How to Use Custom SpaCy Model (beki/en_spacy_pii_distilbert) with Anonymize and Sensitive Scanners

Question

How to Use Custom SpaCy Model (beki/en_spacy_pii_distilbert) with Anonymize and Sensitive Scanners

rakendd opened this issue 4 months ago · comments

Hello llm_guard Team,

I've been exploring the use of custom models with the Anonymize and Sensitive scanners within the llm_guard library, as mentioned in the changelog for the latest release. Specifically, I'm interested in integrating the SpaCy model beki/en_spacy_pii_distilbert for PII detection tasks.

Objective
My goal is to leverage the beki/en_spacy_pii_distilbert model, which is not a traditional Hugging Face Transformer model but rather a SpaCy model, for enhanced PII detection accuracy and reduced latency as highlighted in your changelog.

Issue
I encountered difficulties when attempting to load and use this SpaCy model with the Anonymize scanner. Typically, the process for integrating models relies on specifying a model path or configuration that is compatible with Hugging Face's Transformer models. However, given that beki/en_spacy_pii_distilbert is a SpaCy model, the standard approach doesn't seem to apply.

Attempts
Here's an outline of my approach so far, based on the available documentation and examples:

Model Specification: Attempted to specify beki/en_spacy_pii_distilbert directly as a model path or through a configuration dictionary.
Custom Recognizer: Explored creating a custom recognizer to wrap the SpaCy model loading and analysis logic.
Adapter Pattern: Considered using an adapter to bridge the gap between the expected input/output formats of the llm_guard scanners and the SpaCy model.
The last approach is kind of working. But wanted to know best practise to use this model inside llm_guard

custom_recognizer = CustomSpacyRecognizer()  
adapter = CustomRecognizerAdapter(custom_recognizer=custom_recognizer)


vault = Vault()
scanner = Anonymize(
    vault=vault,
    language="en",
    use_faker=True,
    custom_recognizer=adapter  # Passing the adapter as the custom recognizer
)

Could you provide guidance or examples on how to correctly integrate a SpaCy model like beki/en_spacy_pii_distilbert with the Anonymize and Sensitive scanners?

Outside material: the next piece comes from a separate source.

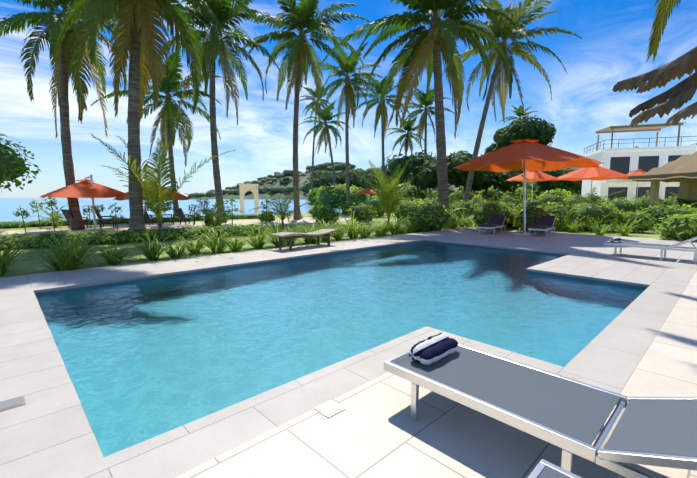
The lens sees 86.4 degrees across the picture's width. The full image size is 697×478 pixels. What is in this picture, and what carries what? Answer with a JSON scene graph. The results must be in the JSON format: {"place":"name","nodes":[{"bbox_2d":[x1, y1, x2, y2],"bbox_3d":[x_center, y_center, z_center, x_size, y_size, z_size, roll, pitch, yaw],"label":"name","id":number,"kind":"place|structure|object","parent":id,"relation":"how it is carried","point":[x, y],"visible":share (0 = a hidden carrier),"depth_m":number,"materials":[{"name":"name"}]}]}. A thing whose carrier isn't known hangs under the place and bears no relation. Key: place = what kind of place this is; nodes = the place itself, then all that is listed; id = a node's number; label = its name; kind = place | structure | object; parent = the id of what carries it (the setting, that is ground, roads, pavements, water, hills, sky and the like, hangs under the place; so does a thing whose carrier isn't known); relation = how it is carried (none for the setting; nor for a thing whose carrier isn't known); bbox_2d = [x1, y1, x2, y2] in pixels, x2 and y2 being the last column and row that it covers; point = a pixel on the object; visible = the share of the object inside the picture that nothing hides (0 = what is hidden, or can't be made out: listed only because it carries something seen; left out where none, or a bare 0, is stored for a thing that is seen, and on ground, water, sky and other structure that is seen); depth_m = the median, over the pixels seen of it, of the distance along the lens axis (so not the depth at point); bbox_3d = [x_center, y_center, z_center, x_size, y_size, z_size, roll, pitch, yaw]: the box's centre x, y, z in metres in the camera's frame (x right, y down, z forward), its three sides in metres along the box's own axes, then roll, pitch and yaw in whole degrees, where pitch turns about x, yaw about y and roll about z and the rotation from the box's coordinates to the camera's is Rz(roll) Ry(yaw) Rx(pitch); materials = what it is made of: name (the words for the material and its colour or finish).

Thank you for developing llm_guard and for your support in enhancing its capabilities. I look forward to your advice on integrating SpaCy models for improved PII detection.

Best regards,
Rakend

Oleksandr Yaremchuk · Answer 1 · Fri Mar 22 2024 16:32:15 GMT+0800 (China Standard Time)

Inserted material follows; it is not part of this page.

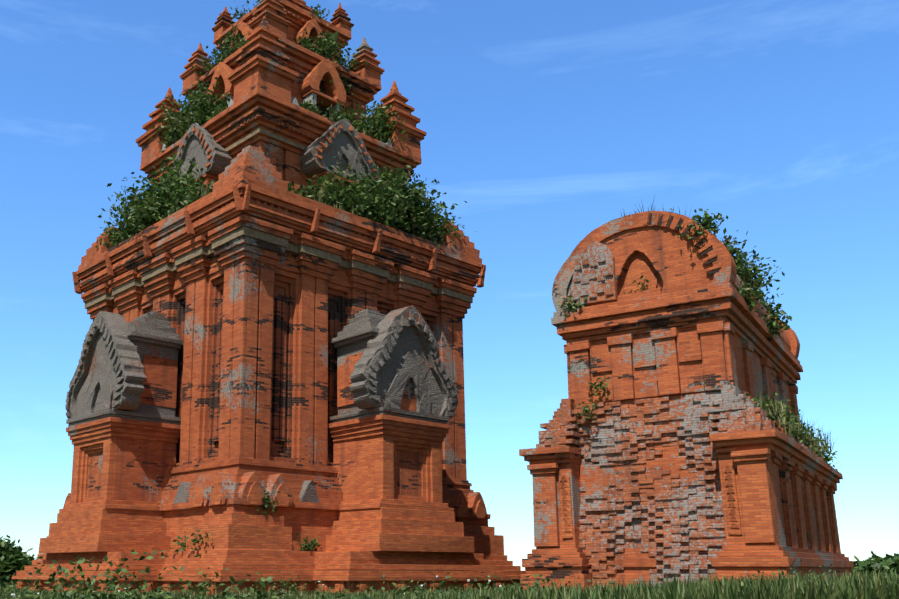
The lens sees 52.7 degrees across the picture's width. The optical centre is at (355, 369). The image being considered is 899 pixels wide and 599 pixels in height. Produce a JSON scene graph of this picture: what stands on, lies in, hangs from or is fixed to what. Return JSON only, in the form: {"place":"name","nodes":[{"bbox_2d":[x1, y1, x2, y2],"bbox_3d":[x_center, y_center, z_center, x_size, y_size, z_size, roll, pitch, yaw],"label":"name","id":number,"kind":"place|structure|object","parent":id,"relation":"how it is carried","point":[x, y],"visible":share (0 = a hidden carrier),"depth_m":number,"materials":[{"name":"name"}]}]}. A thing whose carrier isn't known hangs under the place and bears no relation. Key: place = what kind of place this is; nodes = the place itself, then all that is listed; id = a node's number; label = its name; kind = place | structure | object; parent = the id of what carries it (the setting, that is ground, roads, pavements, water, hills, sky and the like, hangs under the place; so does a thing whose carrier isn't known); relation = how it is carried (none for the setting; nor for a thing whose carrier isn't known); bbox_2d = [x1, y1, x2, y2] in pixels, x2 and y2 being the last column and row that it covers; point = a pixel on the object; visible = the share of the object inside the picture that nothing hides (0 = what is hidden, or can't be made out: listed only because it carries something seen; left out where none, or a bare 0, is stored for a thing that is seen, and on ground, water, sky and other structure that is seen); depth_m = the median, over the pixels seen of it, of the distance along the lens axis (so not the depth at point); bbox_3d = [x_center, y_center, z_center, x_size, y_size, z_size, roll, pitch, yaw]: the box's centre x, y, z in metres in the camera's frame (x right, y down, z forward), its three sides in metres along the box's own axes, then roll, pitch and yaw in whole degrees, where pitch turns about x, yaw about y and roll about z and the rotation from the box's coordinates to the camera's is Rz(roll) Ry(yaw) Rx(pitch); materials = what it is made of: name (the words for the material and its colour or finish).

Hey @rakendd , thanks for reaching out. We used to have this model but then realized that it blocked updates to the latest transformers due to dependency on "spacy-transformers>=1.1.8,<1.2.0".

https://llm-guard.com/changelog/#030-2023-10-14

I think if this model can be updated, then we could make another custom recognizer or just use the spacy one like we did before.